Cupro Nickel is the material used for brake pipes these day, which unlike steel, is highly resistant to corrosion.

Does anyone know for certain what material Audi uses for the TT?.

Here's a company on Ebay who will make up pipes in cupro nickel

http://www.ebay.co.uk/itm/3-16-Brake-Li ... 43bed82912


----------



## Fight1 (May 13, 2012)

Without being 100% certain I would say the OEM is coated steel. It's hard as f and I was unable to flare it in situ. The coating also makes finding a long enough section without the slightest turn important when planning to replace a section as the joining piece will be tight on. My replacement lines going on are a copper nickel alloy, it won't rust and is easy to work with and I'll paint it black to keep the OEM look.
Also note that the flare used is a bubble flare.
F


----------



## brian1978 (Jul 10, 2013)

poor1 said:


> Cupro Nickel is the material used for brake pipes these day, which unlike steel, is highly resistant to corrosion.
> 
> Does anyone know for certain what material Audi uses for the TT?.
> 
> ...


I can get all the tools to do this stuff, I done all the lines on my last car and it was a bugger too, but it's just time and patience, coupled with a lot of swearing. I'll prob. end up renewing them all anyway. I tend to start a job and get carried away lol. Last ones I was just going to replace bits and I just kept going. I won't be painting them as nobody will be under the far to look at them, unless I park ontop of them,


----------



## cookbot (Apr 19, 2011)

Fight1 said:


> Without being 100% certain I would say the OEM is coated steel. It's hard as f and I was unable to flare it in situ. The coating also makes finding a long enough section without the slightest turn important when planning to replace a section as the joining piece will be tight on. My replacement lines going on are a copper nickel alloy, it won't rust and is easy to work with and I'll paint it black to keep the OEM look.
> Also note that the flare used is a bubble flare.
> F


Managed to flare my rear offside, but it wasn't easy like you said. Had to peel back that black protective coating and do it laying upside down, but it is possible.


----------



## poor1 (Dec 28, 2011)

If the two pipes going to the rear calipers are anything to go by I can confirm these pipes are steel with a plastic coating, so would assume that all the pipe runs are as well. Difficult to understand why Audi went down this route when corrosion was a well recognised problem and cupro nickel had been taken into use on quality vehicle many years before..

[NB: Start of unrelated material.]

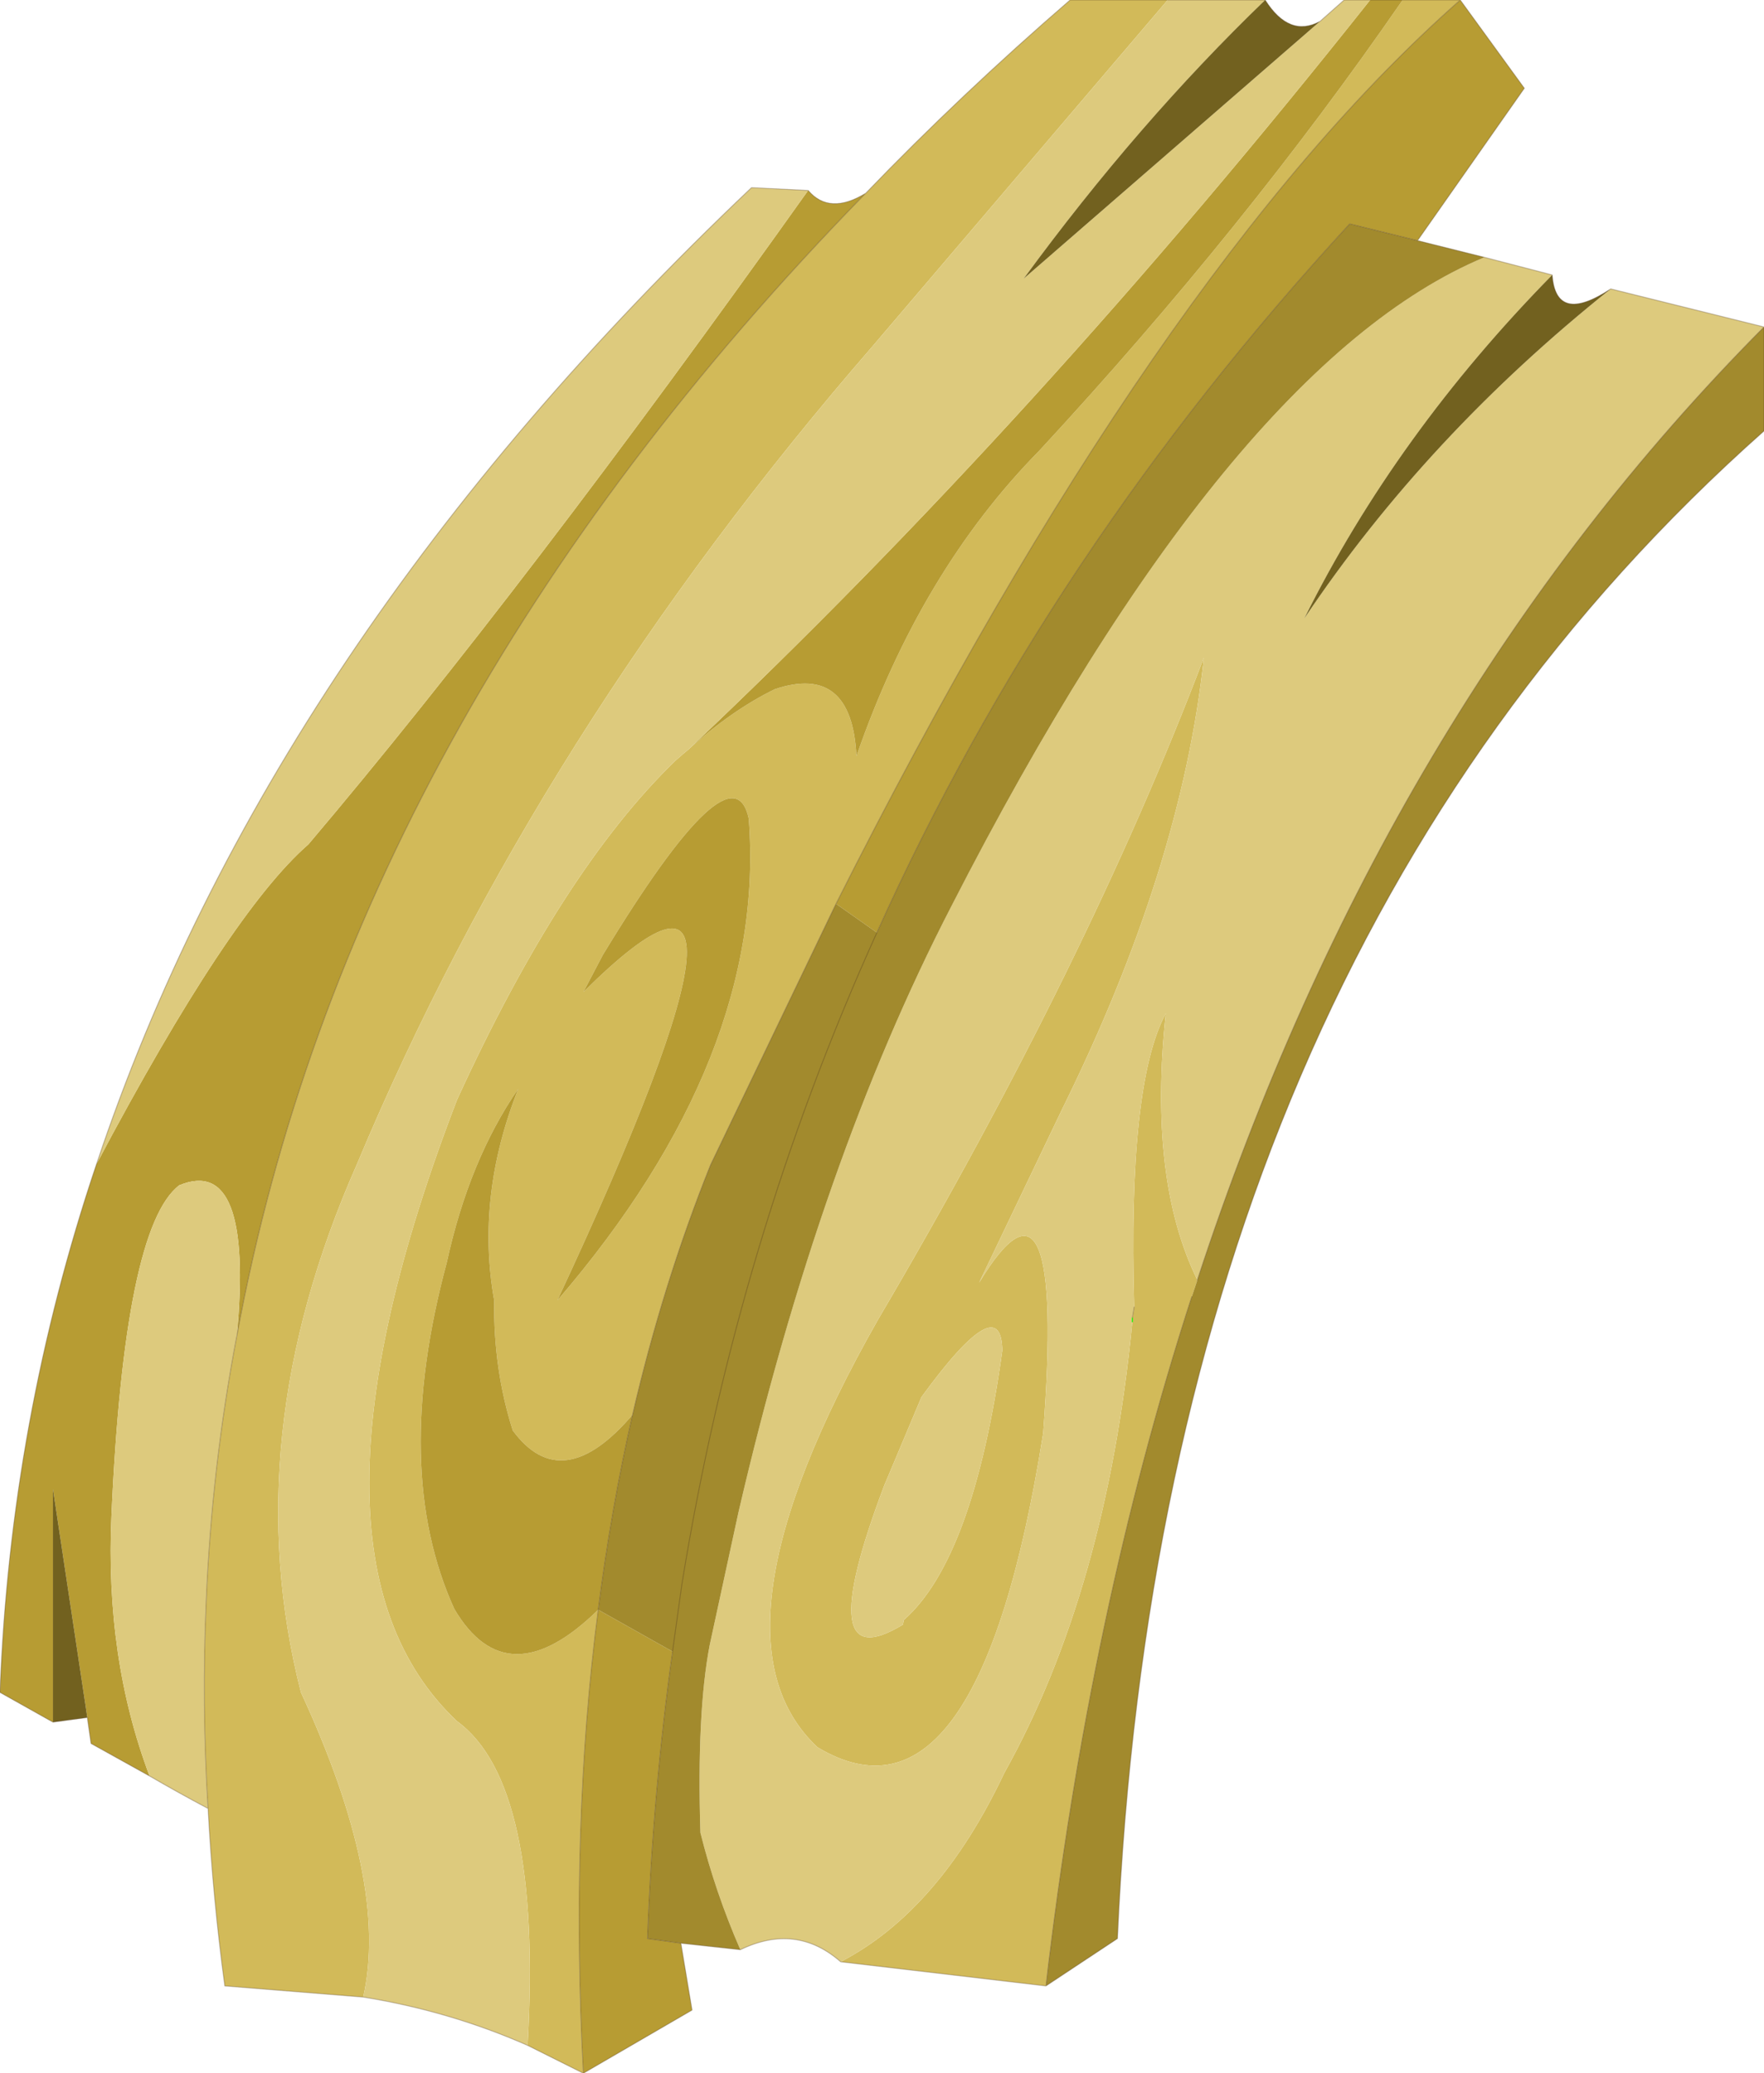 <?xml version="1.0"?>
<svg xmlns="http://www.w3.org/2000/svg" xmlns:xlink="http://www.w3.org/1999/xlink" width="94.95px" height="111.6px"><g transform="matrix(1, 0, 0, 1, -227.5, -144.15)"><use xlink:href="#object-0" width="94.95" height="111.6" transform="matrix(1, 0, 0, 1, 227.5, 144.15)"/></g><defs><g transform="matrix(1, 0, 0, 1, 47.45, 55.8)" id="object-0"><use xlink:href="#object-1" width="94.95" height="111.6" transform="matrix(1, 0, 0, 1, -47.45, -55.8)"/></g><g transform="matrix(1, 0, 0, 1, 47.45, 55.8)" id="object-1"><path fill-rule="evenodd" fill="#d2ba59" stroke="none" d="M-0.85 -45.4Q4.25 -50.7 10.15 -55.8L15.4 -55.8L-0.45 -37.2Q-18.5 -16.4 -28.25 6.9Q-34.75 21.6 -31.25 35.3Q-26.5 45.55 -27.9 51.7L-35.35 51.1Q-36 46.3 -36.25 41.55Q-36.6 35.9 -36.35 30.4Q-36.05 23.15 -34.7 16.1Q-28.6 -17 -0.85 -45.4M28.05 -55.8L31.15 -55.8Q14.8 -41.4 -2.45 -7.15L-9.2 6.9Q-11.75 13.25 -13.4 20.35Q-17.2 24.8 -19.85 21.2Q-20.9 17.9 -20.85 14.2Q-21.85 8.6 -19.55 2.8Q-22.2 6.65 -23.4 12.15Q-26.4 23.3 -23 30.8Q-20.15 35.65 -15.25 30.85Q-16.75 42.45 -16.05 55.8L-19.05 54.3Q-18.25 40.2 -22.85 36.85Q-32.3 27.95 -22.85 3.4Q-17.2 -8.95 -11.1 -14.85L-10.7 -15.2L-10.4 -15.45Q-8.1 -17.55 -5.75 -18.7Q-1.6 -20.1 -1.35 -15.1Q2.1 -25.05 8.5 -31.55Q19.6 -43.55 28.05 -55.8M8.85 51.1L-2.2 49.8Q3.1 47.05 6.6 39.65Q12.1 29.8 13.5 15.35L13.5 15.15L13.6 14.55Q13.25 2.55 15.3 -1.25Q14.35 7.7 17 13.1L16.7 14Q11.2 31 8.85 51.1M5.25 13.25Q9.9 5.55 8.7 21.35Q5.2 43.45 -3.45 38.25Q-9.85 32.25 -0.2 15.25Q11.1 -3.95 17.35 -20.4Q16.15 -9.1 9.7 3.95L5.25 13.25M0.15 24.15Q-3.85 34.7 1.15 31.65L1.2 31.4Q4.95 28.1 6.5 16.9Q6.45 13.5 2.15 19.4L0.15 24.15M-15 -4.4L-16.05 -2.4Q-4.25 -14.1 -17.45 14.2Q-6.15 1.05 -7.15 -11.75Q-8.05 -15.85 -15 -4.4"/><path fill-rule="evenodd" fill="#b79c33" stroke="none" d="M-0.85 -45.4Q-28.6 -17 -34.7 16.1Q-33.8 6.35 -37.8 8Q-40.75 10.25 -41.45 25.75Q-41.8 33.45 -39.4 39.8L-42.55 38.05L-42.75 36.65L-44.6 24.35L-44.6 36.9L-47.45 35.3Q-46.9 20.65 -42.25 6.85Q-35.1 -6.65 -30.85 -10.35Q-19.25 -24.05 -3.95 -45.55Q-2.8 -44.2 -0.85 -45.4M26.3 -55.8L28.05 -55.8Q19.6 -43.55 8.5 -31.55Q2.1 -25.05 -1.35 -15.1Q-1.6 -20.1 -5.75 -18.7Q-8.1 -17.55 -10.4 -15.45Q8.3 -33.1 26.3 -55.8M31.15 -55.8L34.6 -51.05L28.85 -42.85L25.2 -43.75Q9 -26.15 -0.25 -5.6L-2.45 -7.15Q14.8 -41.4 31.15 -55.8M-10.8 48.8L-10.2 52.4L-16.05 55.8Q-16.75 42.45 -15.25 30.85Q-20.15 35.65 -23 30.8Q-26.4 23.3 -23.4 12.15Q-22.2 6.65 -19.55 2.8Q-21.85 8.6 -20.85 14.2Q-20.9 17.9 -19.85 21.2Q-17.2 24.8 -13.4 20.35Q-14.55 25.4 -15.25 30.85L-11.25 33.1Q-12.3 40.65 -12.6 48.55L-10.8 48.8M-15 -4.4Q-8.05 -15.85 -7.15 -11.75Q-6.15 1.05 -17.45 14.2Q-4.25 -14.1 -16.05 -2.4L-15 -4.4"/><path fill-rule="evenodd" fill="#ddca7d" stroke="none" d="M-34.7 16.1Q-36.05 23.15 -36.35 30.4Q-36.6 35.9 -36.25 41.55Q-37.85 40.7 -39.4 39.8Q-41.8 33.45 -41.45 25.75Q-40.75 10.25 -37.8 8Q-33.8 6.35 -34.7 16.1M-27.9 51.7Q-26.5 45.55 -31.25 35.3Q-34.75 21.6 -28.25 6.9Q-18.5 -16.4 -0.45 -37.2L15.4 -55.8L20.65 -55.8Q13.8 -49.2 7.65 -40.8L23.6 -54.65L24.9 -55.8L26.3 -55.8Q8.3 -33.1 -10.4 -15.45L-10.7 -15.2L-11.1 -14.85Q-17.2 -8.95 -22.85 3.4Q-32.3 27.95 -22.85 36.85Q-18.25 40.2 -19.05 54.3Q-23.25 52.45 -27.9 51.7M32.45 -41.95L36.1 -41Q27.7 -32.45 22.75 -22.5Q29.35 -32.35 39.25 -40.25L47.5 -38.2Q27.05 -17.6 17 13.1Q14.35 7.7 15.3 -1.25Q13.25 2.55 13.6 14.55L13.5 15.15L13.5 15.35Q12.1 29.8 6.6 39.65Q3.1 47.05 -2.2 49.8Q-4.6 47.7 -7.6 49.15Q-8.95 46.05 -9.75 42.85Q-9.95 36.4 -9.25 32.75L-7.7 25.6Q-3.3 6.65 3.75 -7Q18.7 -36.2 32.45 -41.95M5.25 13.25L9.7 3.95Q16.15 -9.1 17.35 -20.4Q11.1 -3.95 -0.2 15.25Q-9.85 32.25 -3.45 38.25Q5.2 43.45 8.7 21.35Q9.9 5.55 5.25 13.25M0.15 24.15L2.15 19.4Q6.45 13.5 6.5 16.9Q4.95 28.1 1.2 31.4L1.15 31.65Q-3.85 34.7 0.15 24.15M-42.25 6.85Q-32.9 -21.15 -7 -45.7L-3.95 -45.55Q-19.25 -24.05 -30.85 -10.35Q-35.1 -6.65 -42.25 6.85"/><path fill-rule="evenodd" fill="#72611f" stroke="none" d="M20.65 -55.8Q21.95 -53.75 23.6 -54.65L7.65 -40.8Q13.8 -49.2 20.65 -55.8M36.1 -41Q36.3 -38.3 39.25 -40.25Q29.35 -32.35 22.75 -22.5Q27.7 -32.45 36.1 -41M-42.75 36.65L-44.6 36.9L-44.6 24.35L-42.75 36.65"/><path fill-rule="evenodd" fill="#a28a2d" stroke="none" d="M28.85 -42.85L32.45 -41.95Q18.7 -36.2 3.75 -7Q-3.3 6.65 -7.7 25.6L-9.25 32.75Q-9.95 36.4 -9.75 42.85Q-8.95 46.05 -7.6 49.15L-10.8 48.8L-12.6 48.55Q-12.3 40.65 -11.25 33.1L-10.75 29.5Q-7.75 10.95 -0.25 -5.6Q9 -26.15 25.2 -43.75L28.85 -42.85M47.5 -38.2L47.5 -32.6Q15.05 -3.8 12.7 48.55L8.85 51.1Q11.2 31 16.7 14L17 13.1Q27.05 -17.6 47.5 -38.2M-2.45 -7.15L-0.25 -5.6Q-7.75 10.95 -10.75 29.5L-11.25 33.1L-15.25 30.85Q-14.55 25.4 -13.4 20.35Q-11.75 13.25 -9.2 6.9L-2.45 -7.15"/><path fill="none" stroke="#47301b" stroke-opacity="0.302" stroke-width="0.05" stroke-linecap="round" stroke-linejoin="round" d="M15.4 -55.8L10.15 -55.8Q4.25 -50.7 -0.85 -45.4Q-28.6 -17 -34.7 16.1Q-36.05 23.15 -36.35 30.4Q-36.6 35.9 -36.25 41.55Q-36 46.3 -35.35 51.1L-27.9 51.7Q-23.25 52.45 -19.05 54.3L-16.05 55.8L-10.2 52.4L-10.8 48.8L-7.6 49.15Q-4.6 47.7 -2.2 49.8L8.85 51.1L12.7 48.55Q15.05 -3.8 47.5 -32.6L47.5 -38.2L39.25 -40.25Q36.3 -38.3 36.1 -41L32.45 -41.95L28.85 -42.85L34.6 -51.05L31.15 -55.8L28.05 -55.8L26.3 -55.8L24.9 -55.8L23.6 -54.65Q21.95 -53.75 20.65 -55.8L15.4 -55.8M-0.25 -5.6Q9 -26.15 25.2 -43.75L28.85 -42.85M13.5 15.15L13.6 14.55M17 13.1Q27.05 -17.6 47.5 -38.2M8.85 51.1Q11.2 31 16.7 14M-42.25 6.85Q-32.9 -21.15 -7 -45.7L-3.95 -45.55Q-2.8 -44.2 -0.85 -45.4M31.15 -55.8Q14.8 -41.4 -2.45 -7.15L-9.2 6.9Q-11.75 13.25 -13.4 20.35Q-14.55 25.4 -15.25 30.85Q-16.75 42.45 -16.05 55.8M-0.25 -5.6Q-7.75 10.95 -10.75 29.5L-11.25 33.1Q-12.3 40.65 -12.6 48.55L-10.8 48.8M-39.4 39.8Q-37.85 40.7 -36.25 41.55M-39.4 39.8L-42.55 38.05L-42.75 36.65L-44.6 36.9L-47.45 35.3Q-46.9 20.65 -42.25 6.85"/><path fill="none" stroke="#00ff00" stroke-width="0.05" stroke-linecap="round" stroke-linejoin="round" d="M13.5 15.35L13.5 15.15"/></g></defs></svg>

As regards the two short pipes to the rear calipers, they incorporate a flexible hose which is swaged into the pipe which would be impossible to replicate and if they want replacing they cost about £35.00 each for a start. The end opposite to the caliper have a standard 10mm fitting. Replacing them alone is more complicated that it looks, let alone replacing any piping running over the top of the tank.


----------